NABU Landesverband Hessen - 15. Oktober 2016

Kein Winterschlaf im Landes-Naturschutz

NABU Hessen fordert zügige Umsetzung der Koalitionsvereinbarungen


Wetzlar - Der NABU Hessen fordert die Landesregierung auf, bei der Umsetzung der Natur- und Umweltschutzziele der Koalitionsvereinbarung nicht nachzulassen. "Es entsteht derzeit der Eindruck, dass die Tatkraft in der Mitte der Legislaturperiode immer mehr schwindet", erklärt Gerhard Eppler, Landesvorsitzender des NABU Hessen. Mit einem 20-Punkte-Plan möchte der größte hessische Naturschutzverband die Regierenden nun an ihre Versprechen erinnern. "Ein ganz wichtiger Punkt ist die ökologische Zertifizierung des Staatswaldes mit dem FSC-Siegel. Derzeit ist erst die Hälfte der Forstämter ausgezeichnet", so Eppler. Bis zum Ende der Legislaturperiode müsse die Zertifizierung komplett vollzogen sein. Der NABU Hessen kritisiert auch die unzureichende rechtliche Sicherung der vom Umweltministerium ausgewiesenen Naturwaldflächen.

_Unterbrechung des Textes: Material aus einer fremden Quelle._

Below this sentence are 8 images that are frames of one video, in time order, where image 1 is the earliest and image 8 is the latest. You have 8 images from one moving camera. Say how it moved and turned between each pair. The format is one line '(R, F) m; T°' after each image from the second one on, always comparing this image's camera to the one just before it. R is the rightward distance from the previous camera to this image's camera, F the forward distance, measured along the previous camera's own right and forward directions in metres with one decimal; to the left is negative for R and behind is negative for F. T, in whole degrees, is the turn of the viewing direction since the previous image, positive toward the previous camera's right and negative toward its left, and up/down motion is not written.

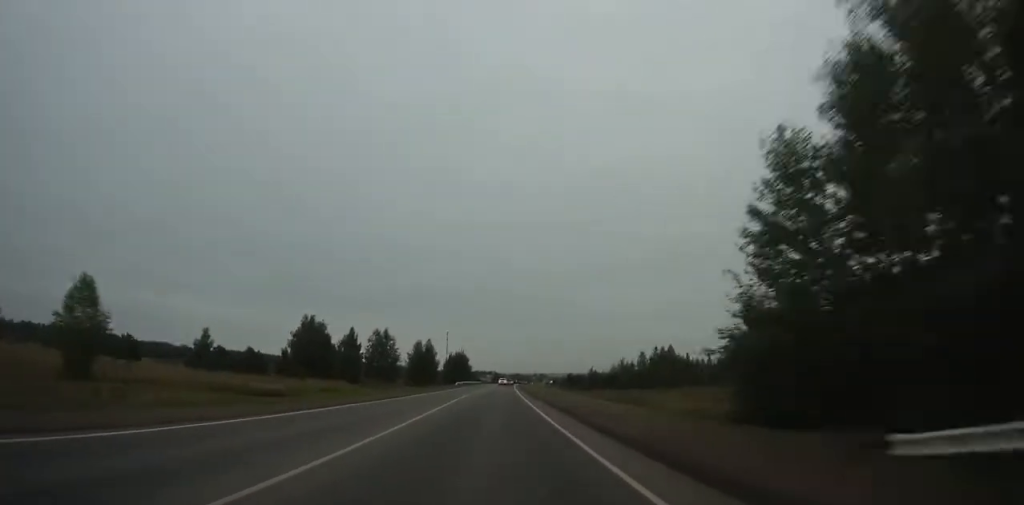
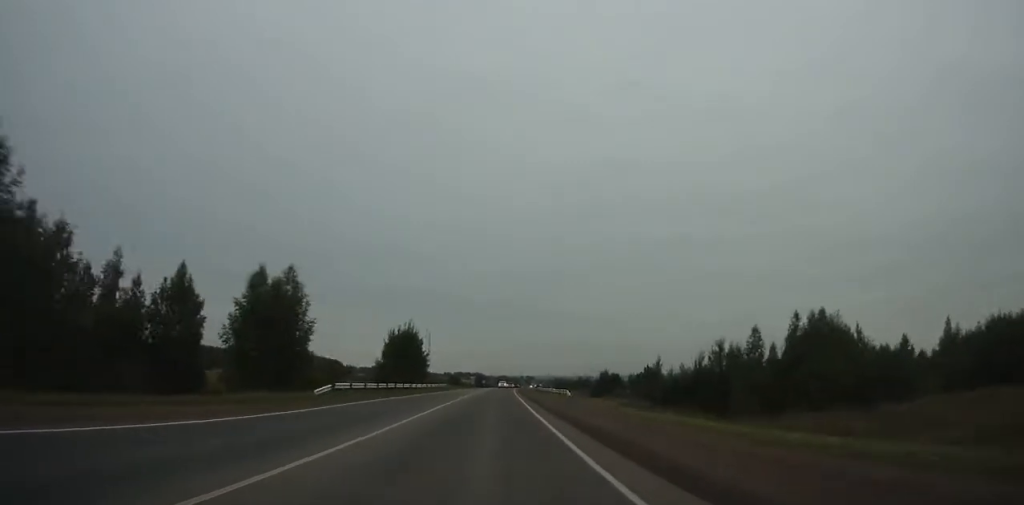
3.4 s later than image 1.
(+1.2, +81.3) m; +1°
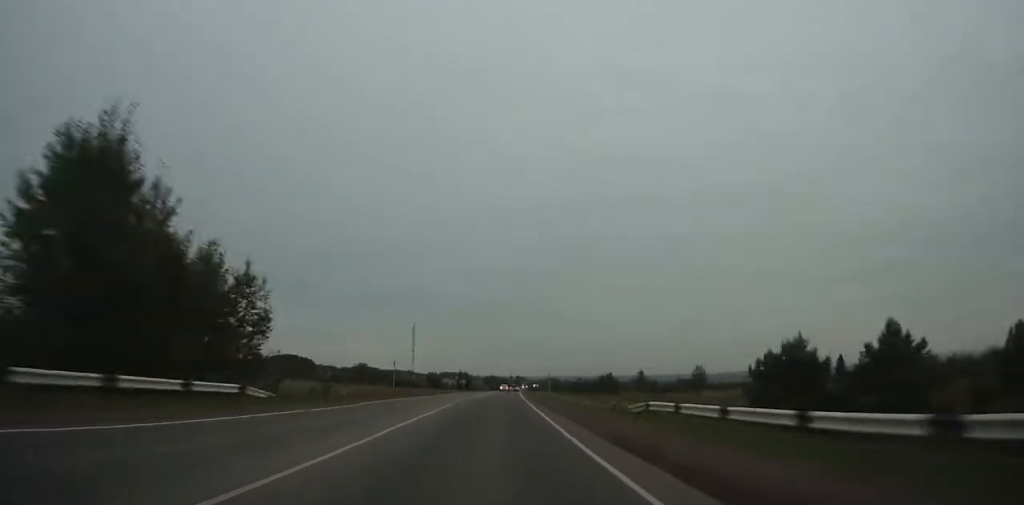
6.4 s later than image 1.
(+0.4, +73.9) m; +1°
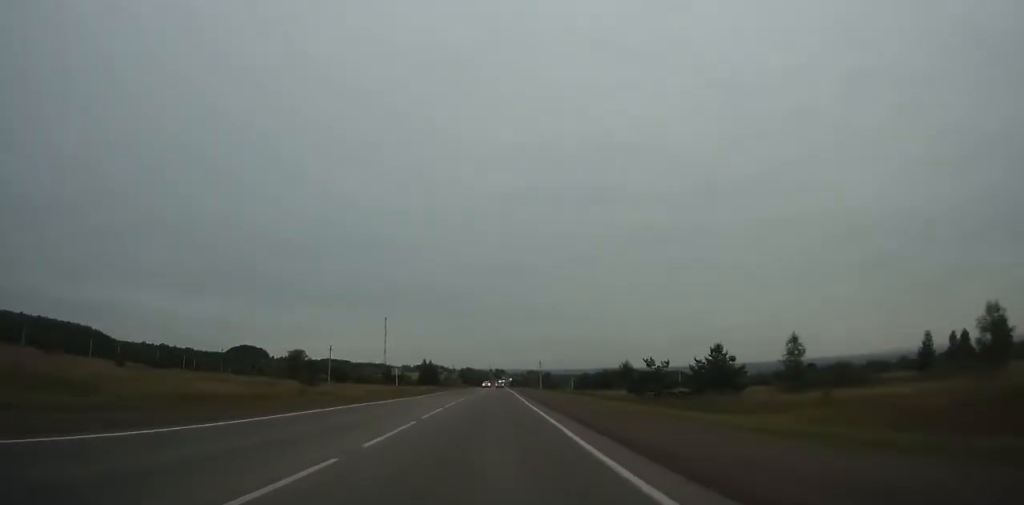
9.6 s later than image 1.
(+1.0, +80.3) m; +2°
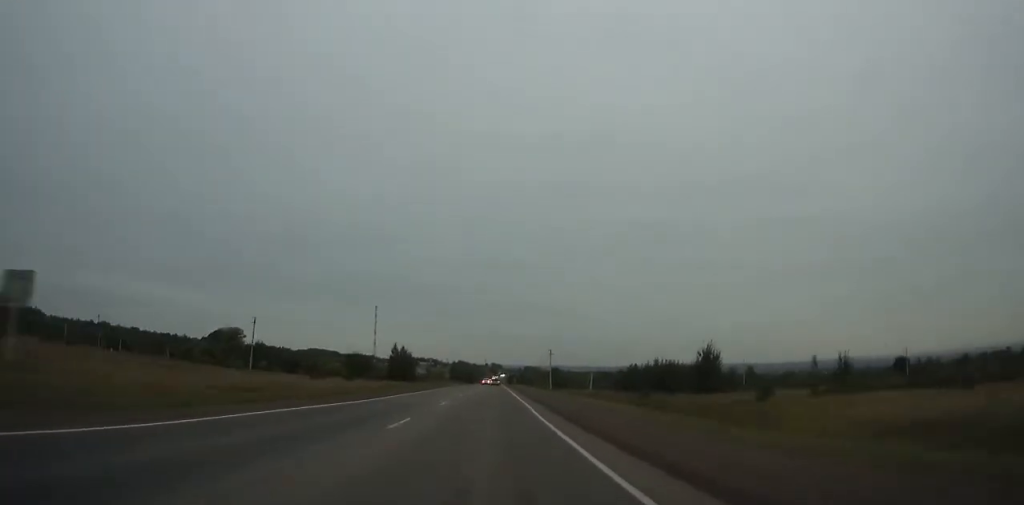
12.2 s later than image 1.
(+0.9, +66.1) m; +1°
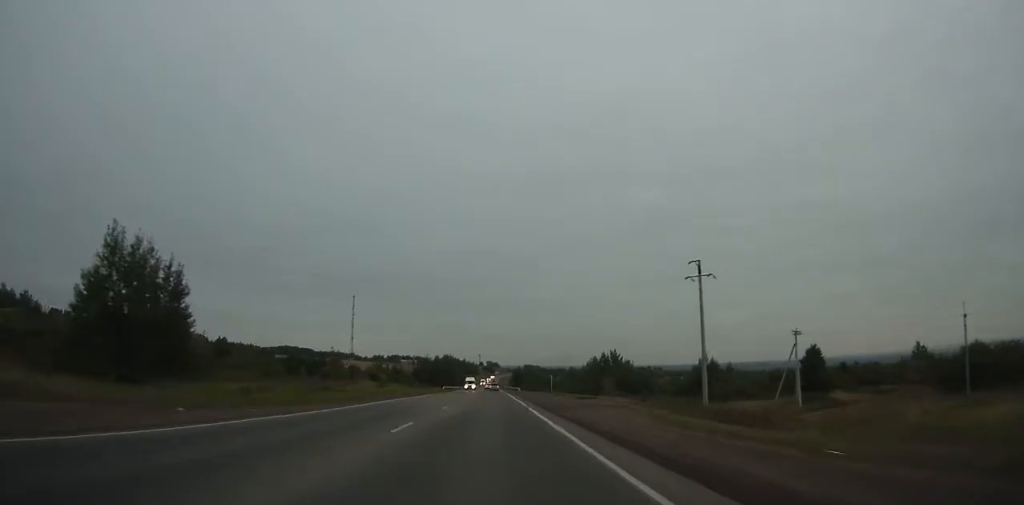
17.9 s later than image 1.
(+0.4, +146.4) m; 0°
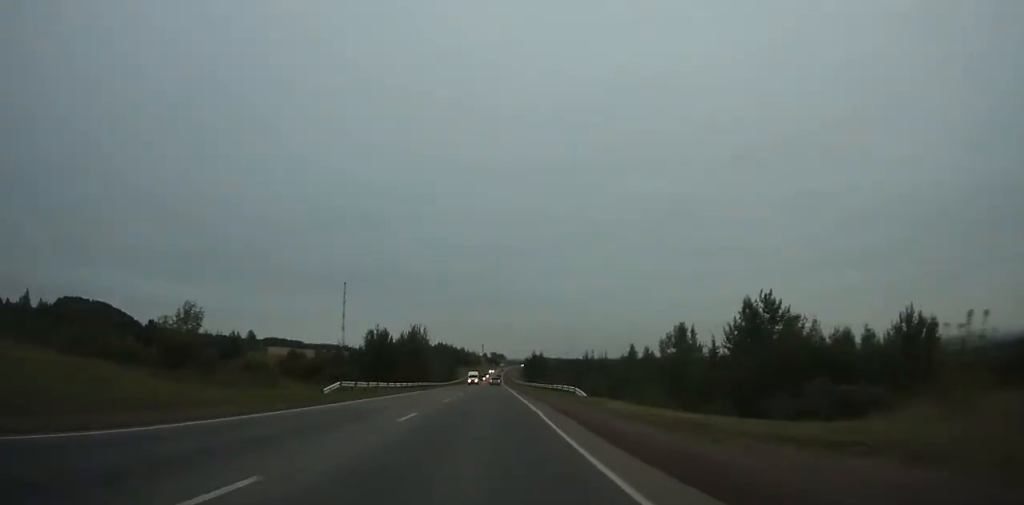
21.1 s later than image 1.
(+0.3, +83.3) m; 0°
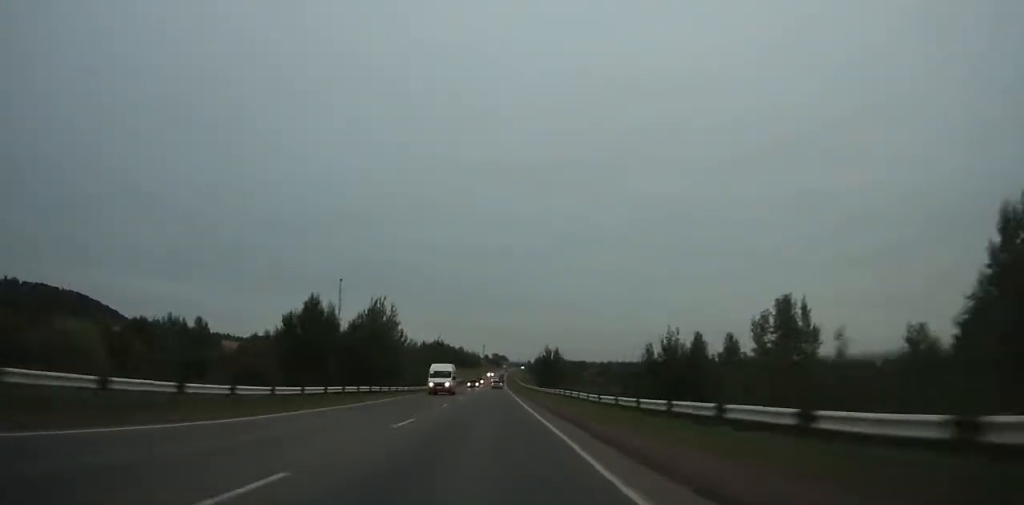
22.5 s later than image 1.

Der Biologe Eppler betont, dass alle größeren Gebiete zeitnah als Naturschutzgebiete auszuweisen seien: "Nur ein rechtlicher Schutzstatus kann die hessischen Naturwälder als Refugien der biologischen Vielfalt dauerhaft sichern." Es müsse alles dafür getan werden, das Ziel der hessischen Biodiversitätsstrategie, fünf Prozent aller Wälder der Natur zurückzugeben, bis zur nächsten Landtagswahl im Herbst 2018 zu erreichen.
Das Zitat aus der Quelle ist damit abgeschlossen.